A l'usage du spécialiste, les résultats quantitatifs d'IgE spécifiques peuvent être liés à une probabilité de réaction clinique à un allergène. Des points de décision clinique ont été établis pour plusieurs allergènes alimentaires communs associés aux eczémas atopiques de l'enfant.
L'algorithme diagnostique qui permet de confirmer une allergie IgE-médiée débute par l'anamnèse et l'observation de l'atteinte d'organes cibles de la maladie. L'association des symptômes d'allergie avec l'exposition à des facteurs externes (par exemple pollens, poils de chat...) renforce la présomption de causalité. La sensibilisation aux allergènes présumés est confirmée par des tests cutanés in vivo ou par la recherche sérique d'IgE spécifiques d'allergène. Les différentes techniques de recherche d'IgE spécifiques d'allergènes ne présentent cependant pas les mêmes caractéristiques.
Le test cutané en «Prick» est l'étalon reconnu pour la mise en évidence des réactions d'hypersensibilité immédiate liées à un allergène habituel. Grâce à son résultat disponible rapidement, le test cutané est l'outil de prédilection de l'allergologue. Le lien de causalité entre les symptômes et l'allergène suspecté peut être établi plus formellement par des tests de provocation si nécessaire.
Les indications reconnues pour la détection sérique d'IgE spécifiques sont résumées dans le tableau 1.1 Ces méthodes in vitro présentent de nombreux avantages : une quantification précise, la sécurité absolue, une absence d'interférence médicamenteuse et la possibilité de stocker des échantillons pour des analyses ultérieures. De nombreuses technologies permettent de rechercher ces anticorps spécifiques mais leurs propriétés diffèrent.

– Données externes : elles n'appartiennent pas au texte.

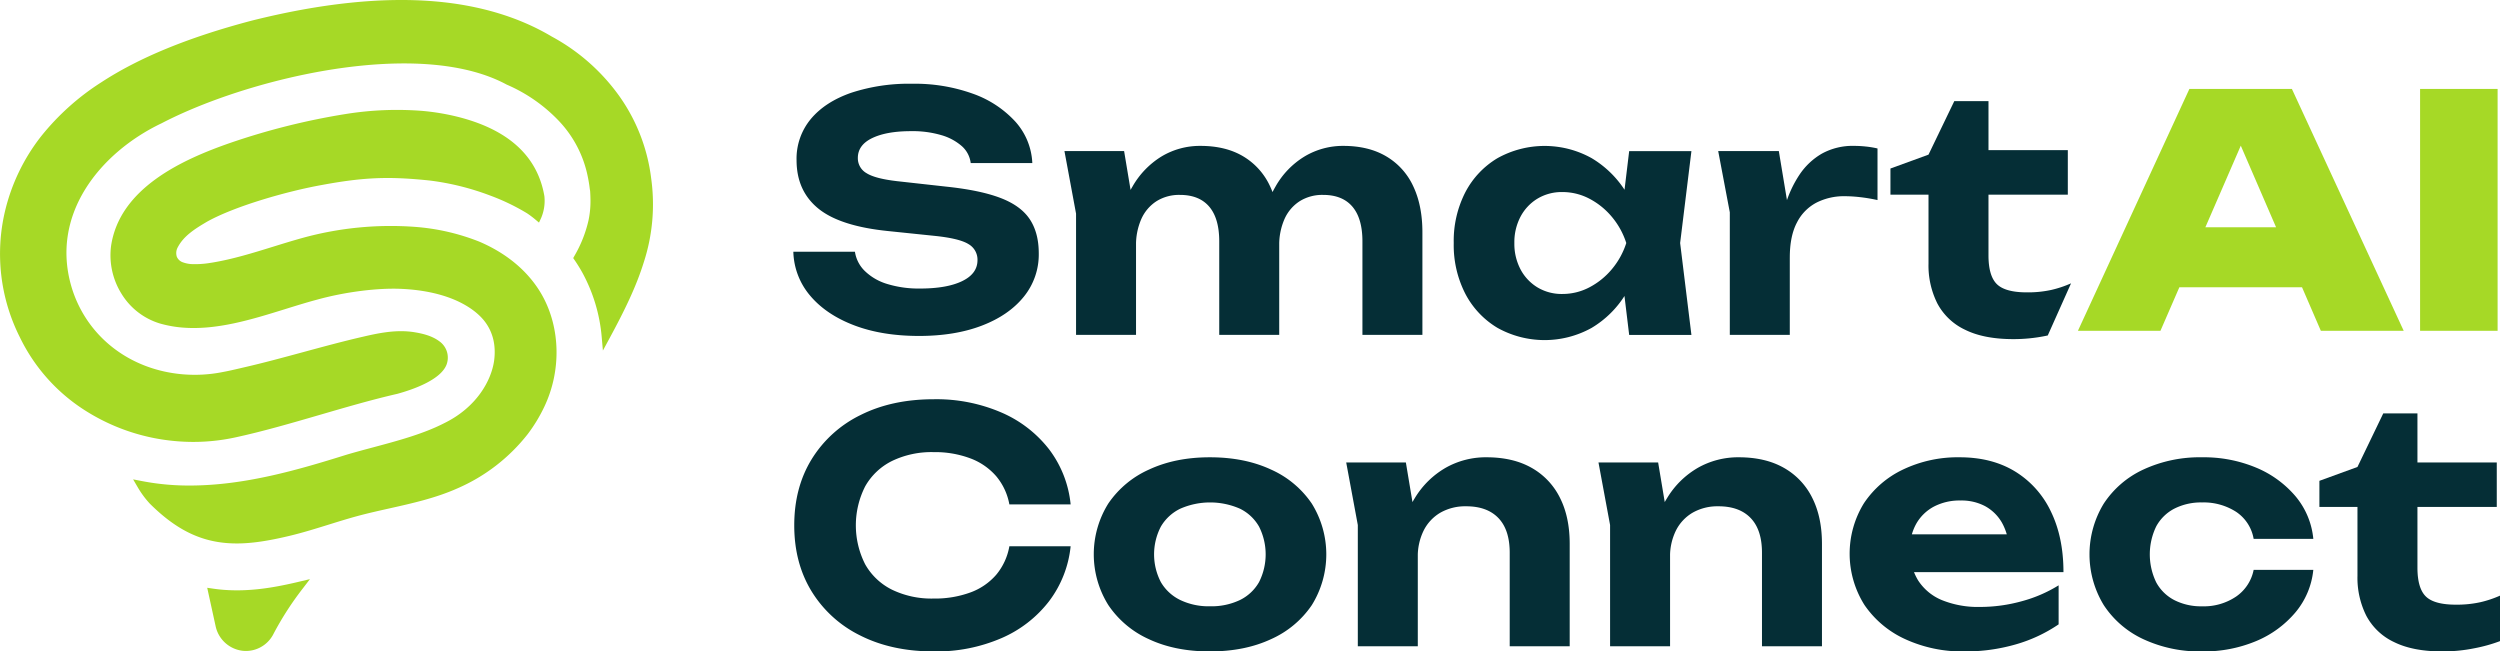 <svg xmlns="http://www.w3.org/2000/svg" width="1000" height="260.573" viewBox="0 0 1000 260.573"><path d="M310.319,100.708h24.639a13.507,13.507,0,0,0,4,7.74,21.876,21.876,0,0,0,8.966,5.16,42.776,42.776,0,0,0,13.092,1.806q10.707,0,16.835-2.967t6.127-8.385a7.158,7.158,0,0,0-3.547-6.386q-3.549-2.255-13.222-3.289L348.5,92.452q-19.48-1.935-28.187-9.03t-8.707-19.35a24.826,24.826,0,0,1,5.74-16.512q5.738-6.837,16.125-10.449A74.077,74.077,0,0,1,357.791,33.5a68.719,68.719,0,0,1,24.381,4,42.065,42.065,0,0,1,16.9,11.094,26.493,26.493,0,0,1,6.837,16.641h-24.64a10.816,10.816,0,0,0-3.547-6.773,21.48,21.48,0,0,0-8.127-4.385,40.664,40.664,0,0,0-12.19-1.613q-9.805,0-15.545,2.773t-5.74,7.934a6.843,6.843,0,0,0,3.418,6.063q3.417,2.194,12.19,3.225l19.738,2.193q13.545,1.42,21.671,4.515t11.74,8.514q3.609,5.418,3.612,13.674a26.766,26.766,0,0,1-6,17.351q-6,7.419-16.77,11.545t-25.09,4.128q-14.836,0-25.994-4.257t-17.544-11.8a28.18,28.18,0,0,1-6.772-17.608" transform="translate(7.018 -0.001)" fill="#052e36"></path><path d="M415.865,58.783H439.73L444.5,87.421v44.892H420.51v-48.5ZM470.3,56.719q10.062,0,17.091,4.192A27.017,27.017,0,0,1,498.1,72.844q3.678,7.74,3.677,18.447v41.022H477.785V94.9q0-9.158-4-13.868t-11.738-4.708a16.986,16.986,0,0,0-9.353,2.515,16.378,16.378,0,0,0-6.063,7.095,25.683,25.683,0,0,0-2.129,10.9l-7.611-4Q438.311,81.1,443.019,73.1a33.708,33.708,0,0,1,11.74-12.191A29.785,29.785,0,0,1,470.3,56.719m57.146,0q10.062,0,17.157,4.192a26.915,26.915,0,0,1,10.772,11.933q3.676,7.74,3.676,18.447v41.022H535.061V94.9q0-9.158-4-13.868t-11.739-4.708a16.985,16.985,0,0,0-9.352,2.515,16.378,16.378,0,0,0-6.063,7.095,25.683,25.683,0,0,0-2.129,10.9l-7.611-4Q495.586,81.1,500.231,73.1a33.026,33.026,0,0,1,11.74-12.191,29.88,29.88,0,0,1,15.479-4.192" transform="translate(9.911 1.639)" fill="#052e36"></path><path d="M644.788,95.548A55.317,55.317,0,0,1,637.434,116,39.62,39.62,0,0,1,623.76,129.54a38.73,38.73,0,0,1-37.6-.065,34.334,34.334,0,0,1-12.835-13.609,42.537,42.537,0,0,1-4.645-20.318,42.54,42.54,0,0,1,4.645-20.318,34.34,34.34,0,0,1,12.835-13.609,38.726,38.726,0,0,1,37.6-.064A40.366,40.366,0,0,1,637.5,75.037a52.661,52.661,0,0,1,7.289,20.511m-51.859,0a21.932,21.932,0,0,0,2.451,10.514,18.554,18.554,0,0,0,6.773,7.224,18.763,18.763,0,0,0,10,2.644,23.067,23.067,0,0,0,10.771-2.644,29.4,29.4,0,0,0,8.965-7.224,30.981,30.981,0,0,0,5.806-10.514,31.005,31.005,0,0,0-5.806-10.513,29.433,29.433,0,0,0-8.965-7.224,23.08,23.08,0,0,0-10.771-2.645,18.772,18.772,0,0,0-10,2.645,18.567,18.567,0,0,0-6.773,7.224,21.937,21.937,0,0,0-2.451,10.513m45.924,36.765-3.225-26.7,3.484-10.062-3.484-9.933,3.225-26.832h24.9l-4.514,36.765,4.514,36.765Z" transform="translate(12.816 1.658)" fill="#052e36"></path><path d="M672.638,58.783H696.89l4.386,26.445v47.085H677.283V83.293Zm63.727-1.032v20.64a66.11,66.11,0,0,0-6.9-1.161,56.014,56.014,0,0,0-6.256-.387,24.355,24.355,0,0,0-11.159,2.515,18.217,18.217,0,0,0-7.869,7.934q-2.9,5.418-2.9,14.061L696.5,95.419a86.94,86.94,0,0,1,2.966-14.835,44.4,44.4,0,0,1,5.676-12.319,27.1,27.1,0,0,1,8.966-8.45,25.486,25.486,0,0,1,12.965-3.1,44.722,44.722,0,0,1,4.643.258,37.833,37.833,0,0,1,4.645.774" transform="translate(14.64 1.639)" fill="#052e36"></path><path d="M855.816,35.563l-44.586,96.75h33.008L851.8,114.9h49.062l7.53,17.415h33.141L896.81,35.563ZM862.209,90.9,876.372,58.27,890.483,90.9ZM979.1,132.313H948.089V35.563H979.1Z" transform="translate(19.944 -0.001)" fill="#a6d926"></path><path d="M421.129,213.323a43.7,43.7,0,0,1-8.643,21.995,48.055,48.055,0,0,1-19.092,14.77,65.586,65.586,0,0,1-26.961,5.289q-16.77,0-29.348-6.321a47.226,47.226,0,0,1-19.543-17.673q-6.966-11.349-6.966-26.445t6.966-26.445a47.267,47.267,0,0,1,19.543-17.673q12.579-6.318,29.348-6.321a65.6,65.6,0,0,1,26.961,5.289,48.351,48.351,0,0,1,19.092,14.706,43.476,43.476,0,0,1,8.643,22.059h-24.51a24.246,24.246,0,0,0-5.224-11.223,25.451,25.451,0,0,0-10.321-7.159,40.112,40.112,0,0,0-14.77-2.516,36.288,36.288,0,0,0-16.641,3.548,25.127,25.127,0,0,0-10.707,10.126,34.434,34.434,0,0,0,0,31.218,25.123,25.123,0,0,0,10.707,10.127,36.262,36.262,0,0,0,16.641,3.547,41.038,41.038,0,0,0,14.77-2.451,24.917,24.917,0,0,0,10.321-7.1,24.314,24.314,0,0,0,5.224-11.352Z" transform="translate(7.124 5.196)" fill="#052e36"></path><path d="M474.328,255.377q-13.932,0-24.382-4.9A38.614,38.614,0,0,1,433.692,236.8a38.35,38.35,0,0,1,0-40.57,38.725,38.725,0,0,1,16.32-13.61q10.511-4.9,24.316-4.9,13.932,0,24.445,4.9a38.74,38.74,0,0,1,16.319,13.61,38.464,38.464,0,0,1,0,40.635,38.731,38.731,0,0,1-16.319,13.609q-10.515,4.9-24.445,4.9m0-18.06A26.457,26.457,0,0,0,486.39,234.8a17.777,17.777,0,0,0,7.61-7.159,24.6,24.6,0,0,0,0-22.188,17.783,17.783,0,0,0-7.61-7.159,29.707,29.707,0,0,0-23.93,0,18.083,18.083,0,0,0-7.74,7.159,24.071,24.071,0,0,0,0,22.188,18.077,18.077,0,0,0,7.74,7.159,26.22,26.22,0,0,0,11.868,2.516" transform="translate(9.621 5.196)" fill="#052e36"></path><path d="M526.687,179.783h23.865l4.772,28.638v44.892H531.331v-48.5Zm56.115-2.064q10.577,0,17.995,4.192a27.943,27.943,0,0,1,11.353,11.933q3.933,7.74,3.934,18.447v41.022H592.09V215.9q0-9.157-4.516-13.868t-12.9-4.708a20.032,20.032,0,0,0-10.256,2.515,17.237,17.237,0,0,0-6.708,7.1,23.3,23.3,0,0,0-2.387,10.9l-7.61-4Q549.132,202.1,554.1,194.1a34.581,34.581,0,0,1,12.384-12.191,32.6,32.6,0,0,1,16.318-4.192" transform="translate(11.794 5.196)" fill="#052e36"></path><path d="M625.385,179.783H649.25l4.772,28.638v44.892H630.029v-48.5Zm56.115-2.064q10.577,0,17.995,4.192a27.943,27.943,0,0,1,11.353,11.933q3.933,7.74,3.934,18.447v41.022H690.788V215.9q0-9.157-4.516-13.868t-12.9-4.708a20.032,20.032,0,0,0-10.256,2.515,17.237,17.237,0,0,0-6.708,7.1,23.3,23.3,0,0,0-2.387,10.9l-7.61-4Q647.829,202.1,652.8,194.1a34.581,34.581,0,0,1,12.384-12.191,32.6,32.6,0,0,1,16.318-4.192" transform="translate(14.004 5.196)" fill="#052e36"></path><path d="M769.516,255.377a54.512,54.512,0,0,1-23.542-4.9A39.593,39.593,0,0,1,729.655,236.8a38.463,38.463,0,0,1-.258-40.635,38.631,38.631,0,0,1,15.674-13.545,50.761,50.761,0,0,1,22.639-4.9q12.9,0,22.188,5.676a37.547,37.547,0,0,1,14.319,16q5.031,10.323,5.031,24.252H742.942V208.55H796.09l-8.643,5.418a22.456,22.456,0,0,0-2.9-10.256,17.385,17.385,0,0,0-6.643-6.449,20.155,20.155,0,0,0-9.8-2.258,22.134,22.134,0,0,0-10.707,2.451,17.643,17.643,0,0,0-7.03,6.837,20.126,20.126,0,0,0-2.516,10.191A22.806,22.806,0,0,0,751.133,227a20.7,20.7,0,0,0,9.547,7.869,38.429,38.429,0,0,0,15.286,2.709,62.333,62.333,0,0,0,16.512-2.258,54.926,54.926,0,0,0,14.835-6.385v15.609a59.585,59.585,0,0,1-17.092,8,72.843,72.843,0,0,1-20.705,2.838" transform="translate(16.136 5.196)" fill="#052e36"></path><path d="M905.38,222.74a31.2,31.2,0,0,1-7.16,17.028,41.3,41.3,0,0,1-15.737,11.481,54.251,54.251,0,0,1-21.608,4.128,53.559,53.559,0,0,1-23.479-4.9A38.011,38.011,0,0,1,821.529,236.8a38.977,38.977,0,0,1,0-40.506A38.046,38.046,0,0,1,837.4,182.621a53.559,53.559,0,0,1,23.479-4.9,54.269,54.269,0,0,1,21.608,4.128,41.643,41.643,0,0,1,15.737,11.417,31.007,31.007,0,0,1,7.16,17.092H881.515a16.291,16.291,0,0,0-7.031-10.836,23.986,23.986,0,0,0-13.609-3.741,23.581,23.581,0,0,0-11.03,2.451,17.3,17.3,0,0,0-7.288,7.1,25.7,25.7,0,0,0,0,22.446,17.285,17.285,0,0,0,7.288,7.1,23.556,23.556,0,0,0,11.03,2.451,23.03,23.03,0,0,0,13.674-3.934,16.9,16.9,0,0,0,6.966-10.643Z" transform="translate(19.944 5.196)" fill="#052e36"></path><path d="M907.816,197.585V187.136l15.223-5.547,10.319-21.414h13.675v19.608h31.733v17.8H947.033v24.252q0,8.257,3.353,11.545t12,3.29a43.647,43.647,0,0,0,9.74-.967,42.927,42.927,0,0,0,7.933-2.645v18.189a61.208,61.208,0,0,1-10.126,2.838,64.146,64.146,0,0,1-12.965,1.29q-11.739,0-19.285-3.741a24.188,24.188,0,0,1-11.094-10.513,33.857,33.857,0,0,1-3.547-15.932V197.585Z" transform="translate(19.944 5.196)" fill="#052e36"></path><path d="M802.849,132.914l9.314-20.853h0a42.926,42.926,0,0,1-7.933,2.645,43.645,43.645,0,0,1-9.739.967q-8.645,0-12-3.289t-3.354-11.546V76.585h31.733v-17.8H779.14V39.175H765.465L755.146,60.589l-15.223,5.548V76.585h15.223v27.606a33.864,33.864,0,0,0,3.547,15.932,24.2,24.2,0,0,0,11.094,10.514q7.547,3.74,19.286,3.74a64.136,64.136,0,0,0,12.964-1.29c.278-.057.542-.115.812-.173" transform="translate(16.256 1.27)" fill="#052e36"></path><path d="M97.335,260.34c-.158-.014-.316-.031-.474-.05a12.554,12.554,0,0,1-10.619-9.836l-3.356-15.342,2.325.342c1.245.183,2.522.331,3.8.44,10.626.907,20.487-.89,28.731-2.767.557-.127,1.12-.26,1.685-.394l4.553-1.079-2.831,3.691a123.836,123.836,0,0,0-11.662,18.034,12.4,12.4,0,0,1-8.4,6.7,12.2,12.2,0,0,1-3.746.26M93.956,175c11.127-2.4,22.891-5.825,34.267-9.139,10.211-2.974,20.769-6.05,30.672-8.316l.068-.017c6.361-1.751,17.377-5.606,19.678-11.737a8,8,0,0,0-2.924-9.29c-3.035-2.255-6.816-3.1-10.126-3.642-.714-.11-1.449-.2-2.183-.26-6.271-.536-12.478.747-18.292,2.106-7.619,1.743-15.832,3.971-23.774,6.125-8.005,2.171-16.282,4.416-23.9,6.151l-1.508.351c-2.17.508-4.413,1.034-6.62,1.439l-.03.006a57.039,57.039,0,0,1-16.208.943c-20.97-1.79-37.873-14.734-44.109-33.774C19.42,86.224,39.988,61.069,64.607,49.323l.049-.024c26.853-13.957,72.613-26.5,108.118-23.468,11.87,1.014,21.92,3.7,29.871,7.993l.055.031.058.026a63.275,63.275,0,0,1,20.836,14.534,45.267,45.267,0,0,1,11.542,22.358c.333,1.61.592,3.208.769,4.749l.005.046.144.841.065,1.2c.025.474.043.976.057,1.595a37.617,37.617,0,0,1-.532,7.695l-.013.072c-.051.289-.106.576-.164.868l-.05.251a50.136,50.136,0,0,1-5.631,14.237l-.5.908.586.855c1.108,1.617,2.148,3.3,3.092,5a65.419,65.419,0,0,1,7.722,25.75l.474,5.384,2.56-4.733c6.063-11.21,10.732-20.709,13.81-30.63a74.913,74.913,0,0,0,2.938-33.516,71.886,71.886,0,0,0-13.037-33.315,79.777,79.777,0,0,0-26.68-23.381C207.625,6.828,191.877,2.085,173.94.553c-21.07-1.8-45.751.8-73.376,7.736C75.282,14.97,55.6,23.052,40.4,33A98.708,98.708,0,0,0,16.418,54.56,77.609,77.609,0,0,0,1.982,84.569,74.164,74.164,0,0,0,7.93,134.876a71.592,71.592,0,0,0,25.951,29.206,80.315,80.315,0,0,0,36.6,12.388A79.092,79.092,0,0,0,93.956,175m22.05,39.294c5.222-1.256,10.431-2.877,15.468-4.445,3.72-1.158,7.565-2.355,11.364-3.388,4.238-1.152,8.66-2.141,12.937-3.1,9.079-2.03,18.467-4.128,27.1-7.971a72.169,72.169,0,0,0,28.262-21.81,62.2,62.2,0,0,0,6.6-10.909c6.772-14.257,6.477-31.252-.769-44.355-5.181-9.351-13.93-16.847-25.323-21.689a87.47,87.47,0,0,0-25.54-5.872,132.731,132.731,0,0,0-45.035,4.4c-3.978,1.094-7.987,2.337-11.864,3.538-7.962,2.468-16.195,5.019-24.467,6.374l-.42.057a36.711,36.711,0,0,1-7.87.509,12.384,12.384,0,0,1-3.228-.679,4.041,4.041,0,0,1-2.494-2.259,4.777,4.777,0,0,1,.389-3.8c2.354-4.489,6.733-7.308,11.792-10.27,11.16-6.2,32.068-12.185,46.093-14.675,15.059-2.788,24.731-3.337,38.328-2.175,1.478.126,2.987.271,4.6.442A104.158,104.158,0,0,1,196.019,78.2a85.822,85.822,0,0,1,14.866,7.159,38.351,38.351,0,0,1,3.105,2.329l1.609,1.351.888-1.923a17.508,17.508,0,0,0,1.285-8.482l-.006-.1-.016-.1C215,62.363,203.184,51.654,182.629,46.615a91.563,91.563,0,0,0-14.072-2.285,129.686,129.686,0,0,0-30.122,1.252A276.659,276.659,0,0,0,91.969,57.207C73.153,63.76,47.751,75.174,44.406,98.542l0,.028A29.068,29.068,0,0,0,48.66,117.6a27.242,27.242,0,0,0,15.258,11.783,46.188,46.188,0,0,0,8.914,1.632c13.747,1.173,27.8-3.193,41.383-7.416,4.411-1.371,8.578-2.666,12.692-3.759,11.118-3.068,23.977-4.713,33.564-4.295,1.085.044,2.187.113,3.276.206,19.4,1.657,27.423,9.366,29.971,12.6,3.429,4.358,4.752,9.717,3.933,15.913-1.122,7.951-6.989,18.712-20.087,25.069l-.03.015c-8.336,4.263-18.541,6.992-28.411,9.631-3.8,1.017-7.394,1.977-10.864,3.019-19.4,6.076-40.125,12.024-61.38,12.213-3.275.043-6.58-.076-9.821-.353a98.555,98.555,0,0,1-10.269-1.424l-3.542-.685,1.849,3.158a37.122,37.122,0,0,0,4.823,6.536l.046.048c9.993,9.918,19.408,14.765,30.527,15.714,6.939.593,14.569-.278,25.514-2.91" transform="translate(0 -0.001)" fill="#a6d926"></path></svg>

Dès 1967, la technique de radioimmunoassay (RIA) a permis l'identification de la «réagine» comme une IgE spécifique d'allergènes.2 Des IgE humaines monoclonales, purifiées à partir d'un myélome à IgE, ont servi à la production d'anticorps polyclonaux spécifiques de la chaîne lourde e. Dans la méthode initiale d'usage clinique (PhadebasRAST), les allergènes étaient fixés sur des disques de cellulose activée et permettaient l'expression semi-quantitative des résultats sur la base d'une courbe de calibration établie avec des IgE spécifiques de pollen de bouleau. Une quantité relative d'IgE sérique fixée à l'allergène était interpolée sur la base de l'intensité de la fixation d'anti-IgE. Un système de score semi-quantitatif en six classes a été établi et est encore utilisé actuellement. Son usage devrait cependant être abandonné au profit de valeurs quantitatives en kUI/l.3
L'amélioration progressive des différents aspects méthodologiques a abouti aux méthodes de référence actuelles qui sont quantitatives, calibrées sur un même standard international 4 et le plus souvent automatisées.
Les principales évolutions techniques sont les suivantes.
L'usage d'allergènes en phase solide (allergosorbent) ou en phase liquide confère des propriétés de liaison différentes aux IgE en termes de spécificité, d'affinité notamment. La possibilité de travailler en excès d'allergènes minimise ces effets, c'est pourquoi les capacités de liaison d'allergènes sur un support sont devenues déterminantes pour assurer une bonne sensibilité de ces techniques. Un des progrès majeurs est le développement d'un polymère encapsulé dans une matrice hydrophobique permettant la liaison covalente de grandes quantités d'allergènes. Ce polymère, appelé Pharmacia CAP system, a permis d'améliorer la sensibilité et la spécificité de la détection d'IgE spécifiques. Les nombreuses études cliniques réalisées dans les mêmes conditions en font aujourd'hui une méthode de référence.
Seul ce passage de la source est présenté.